Talaos dodged, but the axe turned toward him with a buzzing noise as it flew. However, he called on his power in reply, and all around him now seemed to slow. The axe moved faster than anything he'd faced, but not so fast as him. He watched as it approached, spun as it veered in midair to strike him, and caught it in flight with his left hand. He felt tempted to hurl it right back, but thought better of it.

It was a very long way, but he thought he could make the shot. His eyes blazed, and he stretched out his right hand. A bolt of lightning arced far across the sky to the tower. It struck Larikos full in the chest.

Nothing happened.

In his surprise, Talaos returned to the speed of the world.

Larikos laughed again, and he taunted. "That the best ye got? Lightning don't hurt me!"

Katara, walking on Talaos's right, watched the scene with an icy glare on her face and in her gray eyes. Kyrax snarled. Vulkas made a kind of low rumble in his throat as he swung his mattock in a circle. Halmir, Larogwan, and Epos walked in silence. They were still outside the range of even long bows.

Talaos turned to his companions, “Halmir, javelin!”

The latter threw him one, even as he dropped the axe to the ground. In one sweeping motion he caught the javelin, drew back his arm, and cast.

Faster even than the axe, it flew straight at his foe

Larikos, however, leapt from the battlement with sudden and superhuman speed of his own. The children, far slower, lingered all around. The javelin passed through the spot where the warlord’s chest had been and soared harmlessly over the fortress.

In fury, Talaos called the storm. The clouds overhead roiled. Lightning from the sky struck the tower to the left of Larikos.

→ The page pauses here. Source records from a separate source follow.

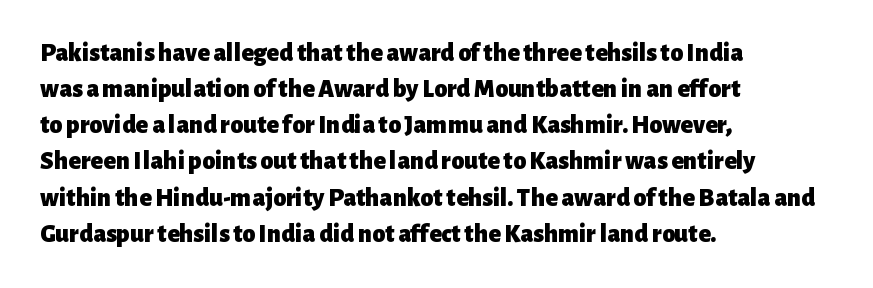
Q: Is the text bold? A: Yes.
Q: Is the text italic (slanted)? A: No, it is upright.
Q: Is the text underlined? A: No.
Q: How is the paragraph aligned? A: Left-aligned.
Q: Is the spacing between letters normal or unusually wide? A: Normal.
Q: Is the spacing between lines tight, normal or loose? A: Normal.

Archers burned and died as their bodies hurled in all directions.

Again lightning, and the next tower to the left blasted with the ruin of armed men.

The archers on the other two towers began to run, dodging for cover.

Too slowly. Another strike, and another, and more archers died.

The men, women, and children that crowded the top of the central fortress wore no armor and showed no visible weapons. Talaos spared them, and many began to run, vanishing into some unseen stairs or ramp down to hidden levels below.

Now something else happened. From the snarling mouths of the bestial towers came a reverberating sound. With it thundered a transparent shockwave, radiating outward. Talaos could see its power in the air, like waves in water.

It moved fast, as fast as him and his lightning.

Trees shook on the hillsides and branches snapped, flying outward.

It struck Talaos and his companions. They went flying backwards through the air. Talaos tumbled and flipped to his feet. Even as he did, he felt something else, a power that attempted to snuff out his magic, like a breath on a candle. He braced himself as it howled against him. His aura of power, without and within, flickered but held and reignited.

He took a step forward as his friends rose armed, ready and angry.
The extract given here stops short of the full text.